* Exercise requirements: Transcribe the listing below word for word but skip its images.
+++ Source data
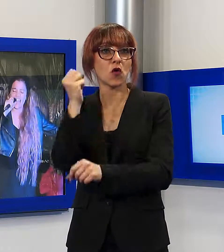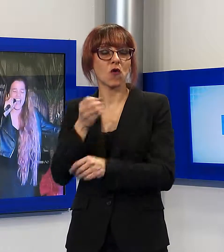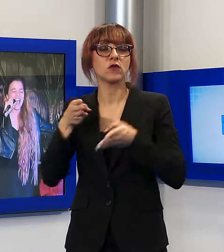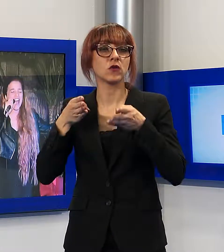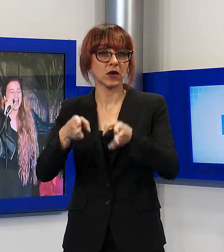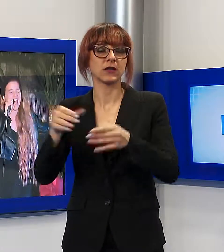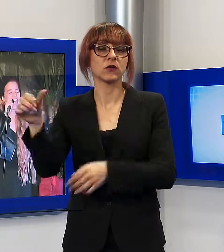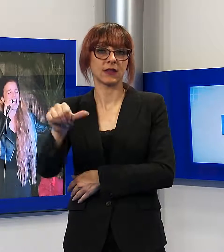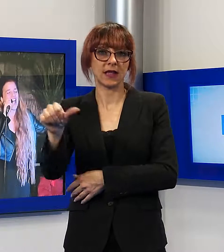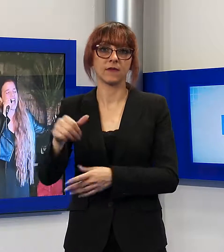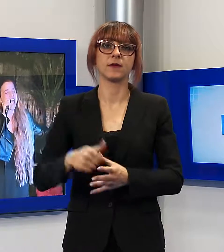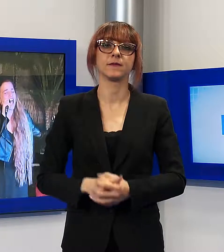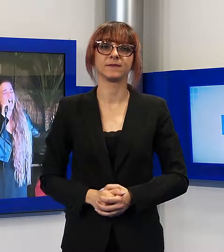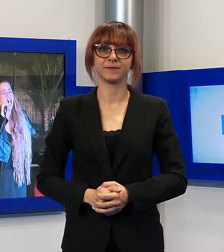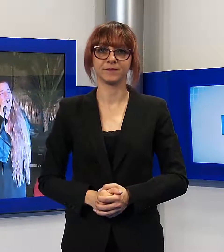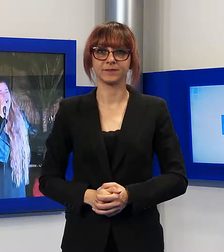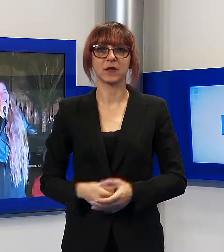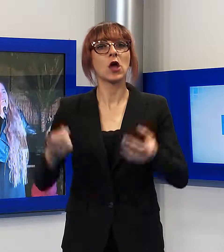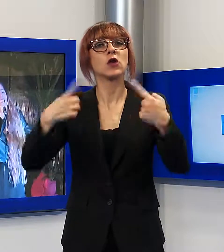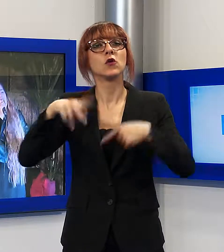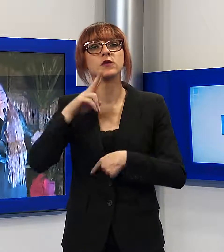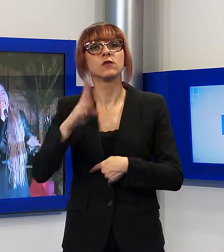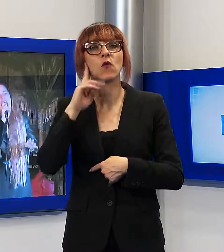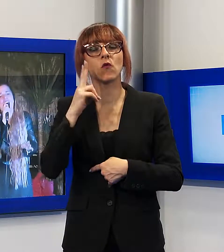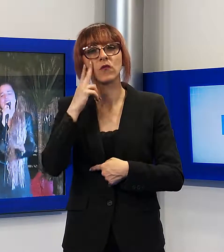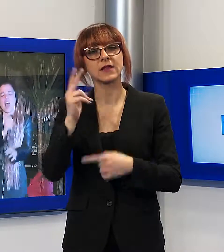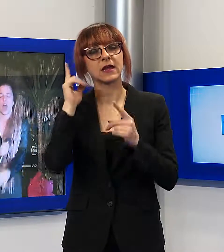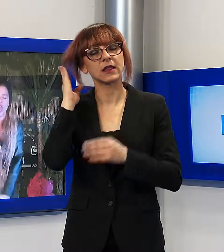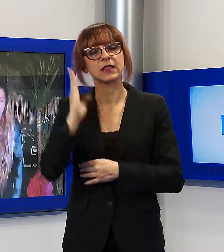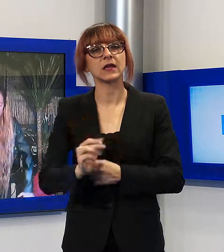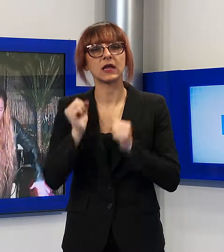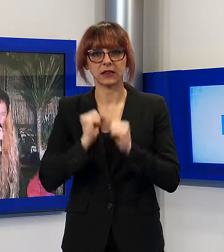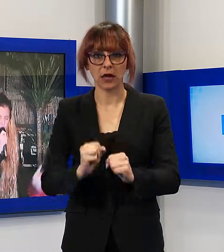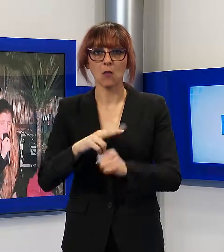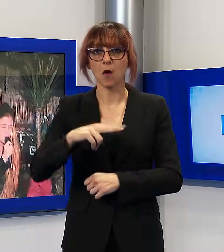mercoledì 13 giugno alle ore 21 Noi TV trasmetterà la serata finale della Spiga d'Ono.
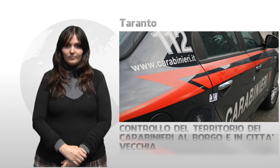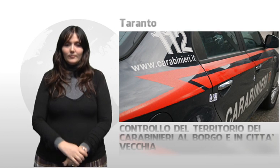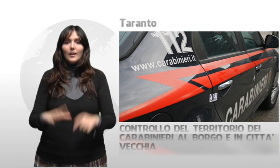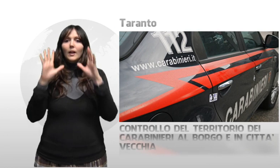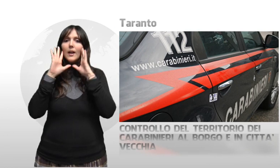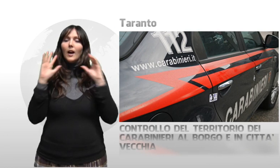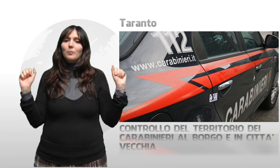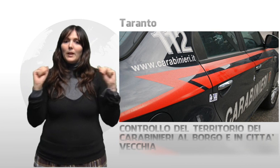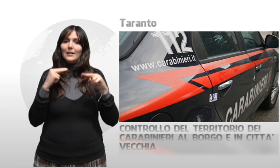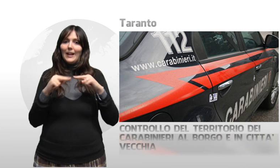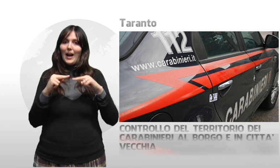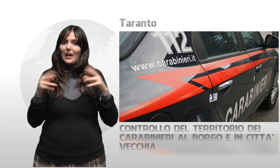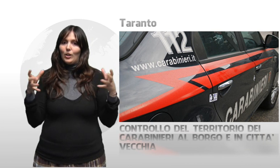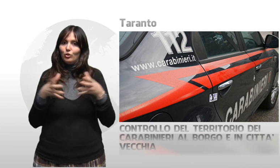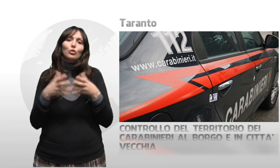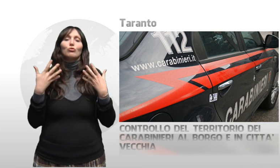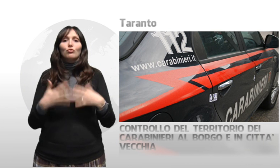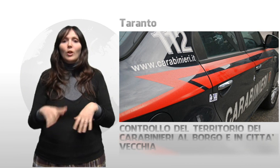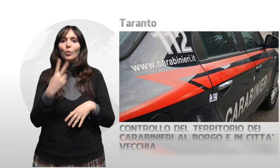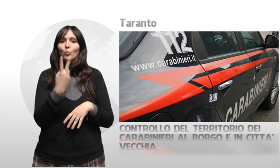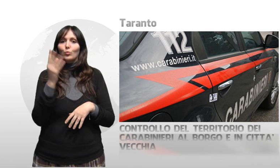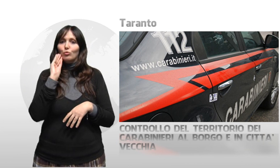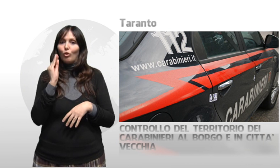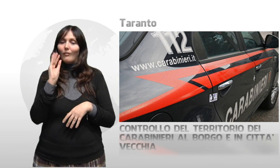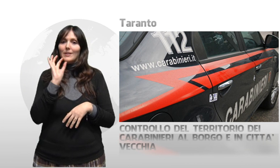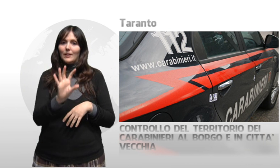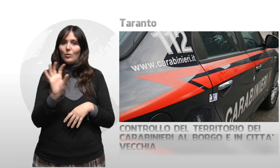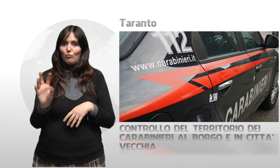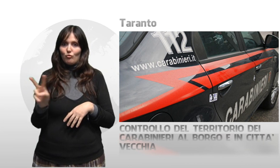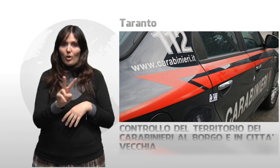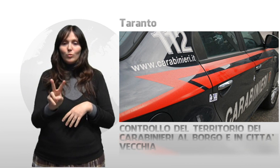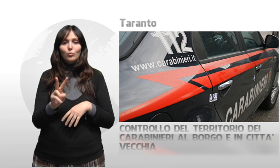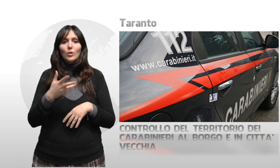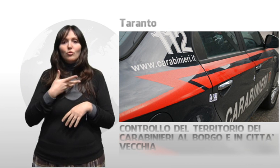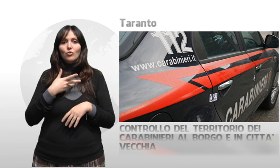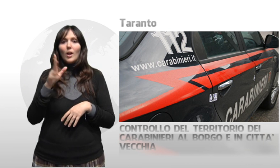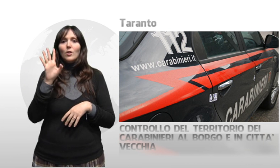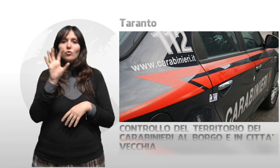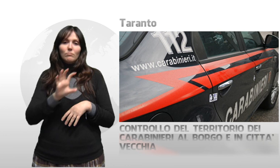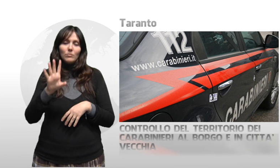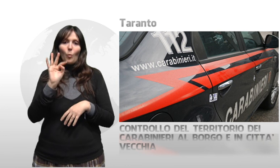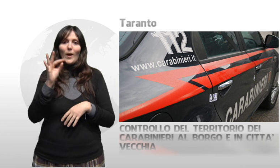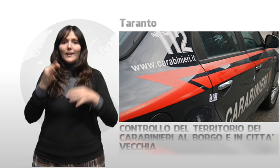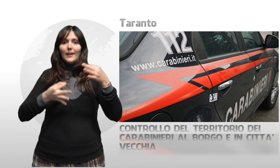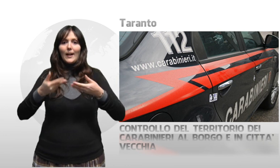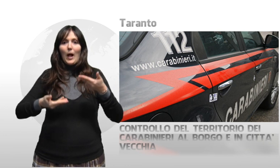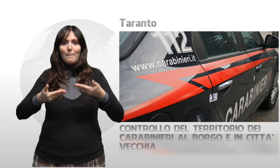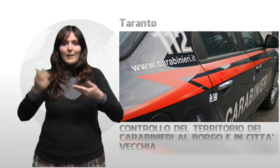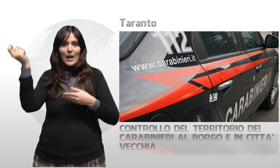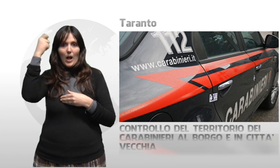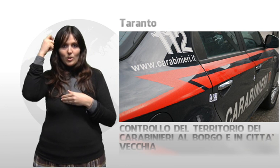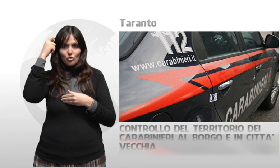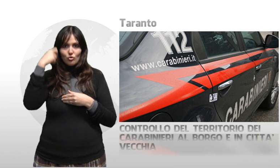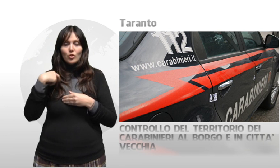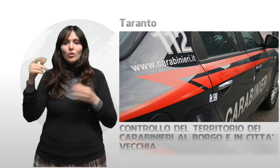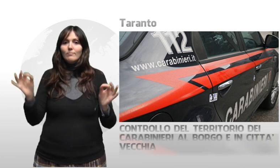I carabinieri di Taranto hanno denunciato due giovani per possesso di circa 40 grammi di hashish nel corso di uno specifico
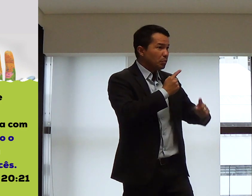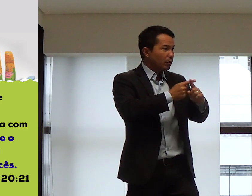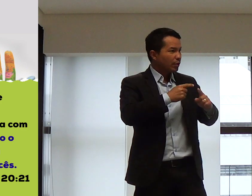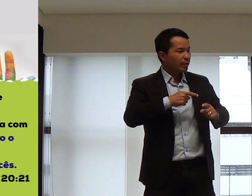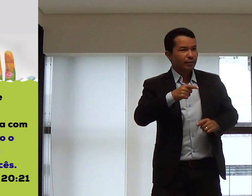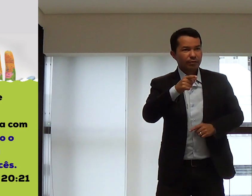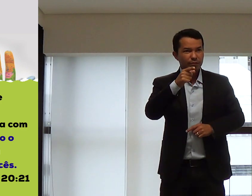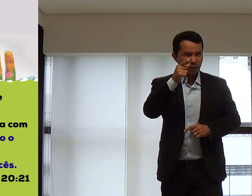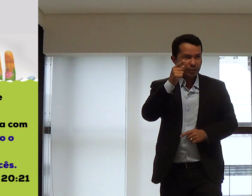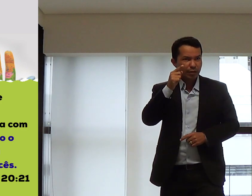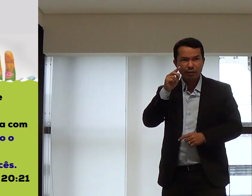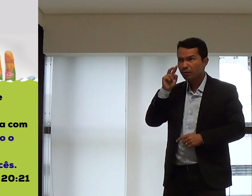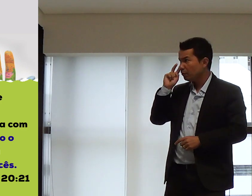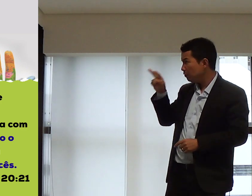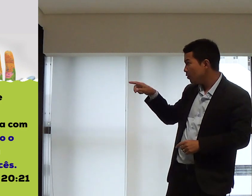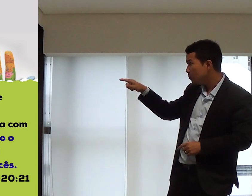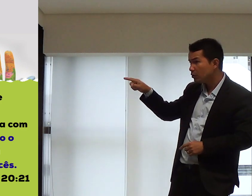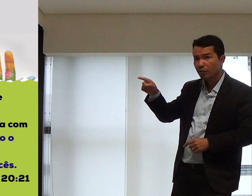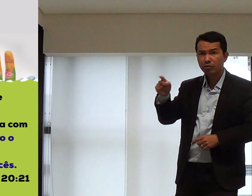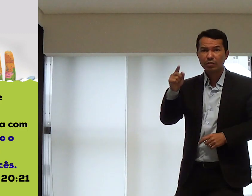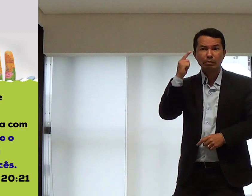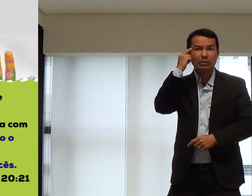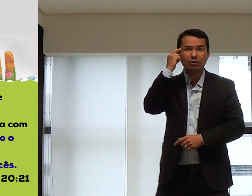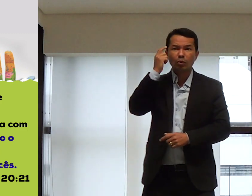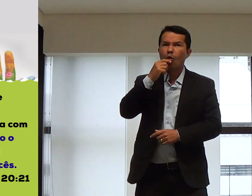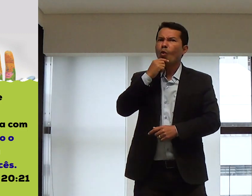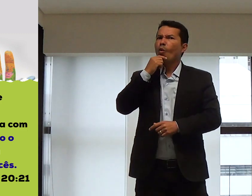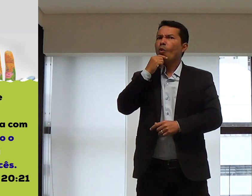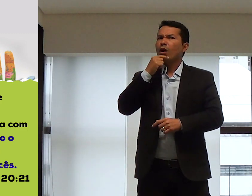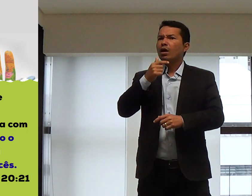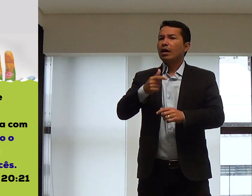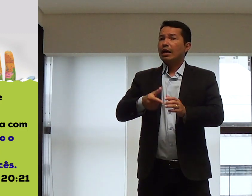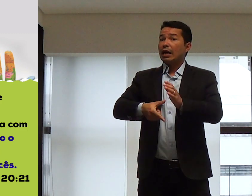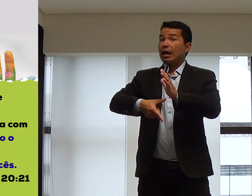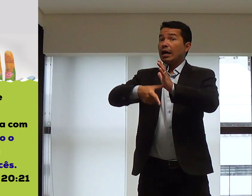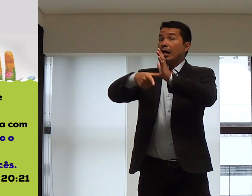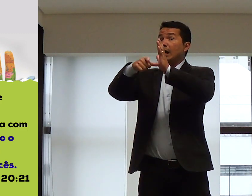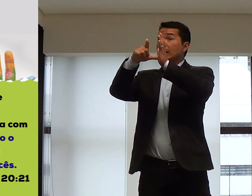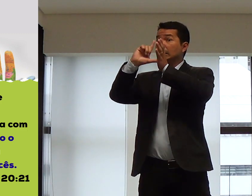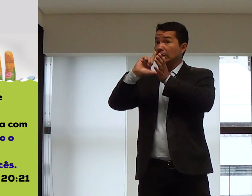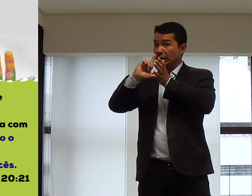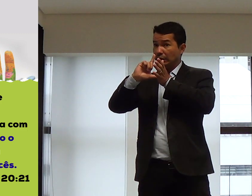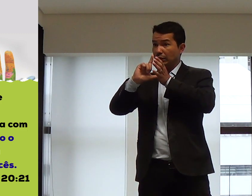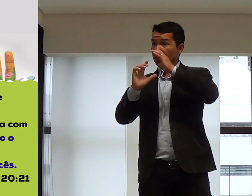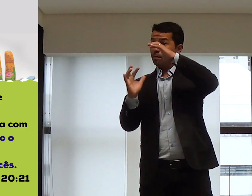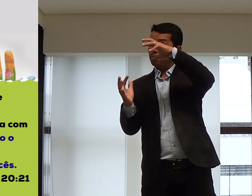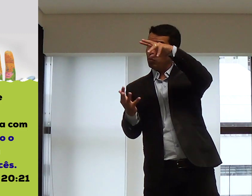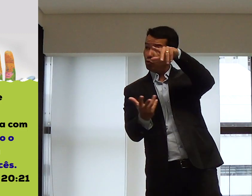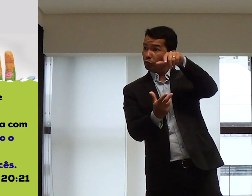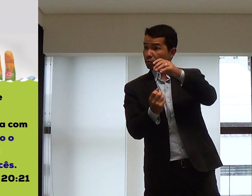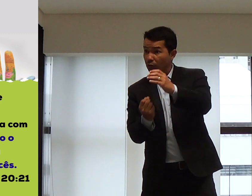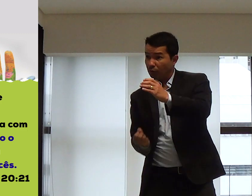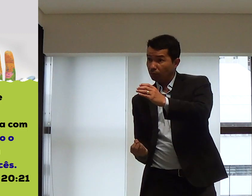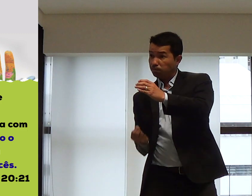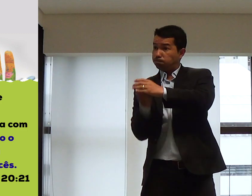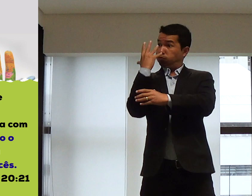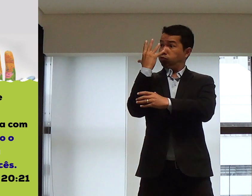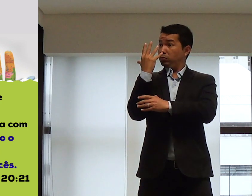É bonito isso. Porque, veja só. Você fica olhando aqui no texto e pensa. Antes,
++++++
* Written response:
mercoledì 13 giugno alle ore 21 Noi TV trasmetterà la serata finale della Spiga d'Ono.
I carabinieri di Taranto hanno denunciato due giovani per possesso di circa 40 grammi di hashish nel corso di uno specifico
É bonito isso. Porque, veja só. Você fica olhando aqui no texto e pensa. Antes,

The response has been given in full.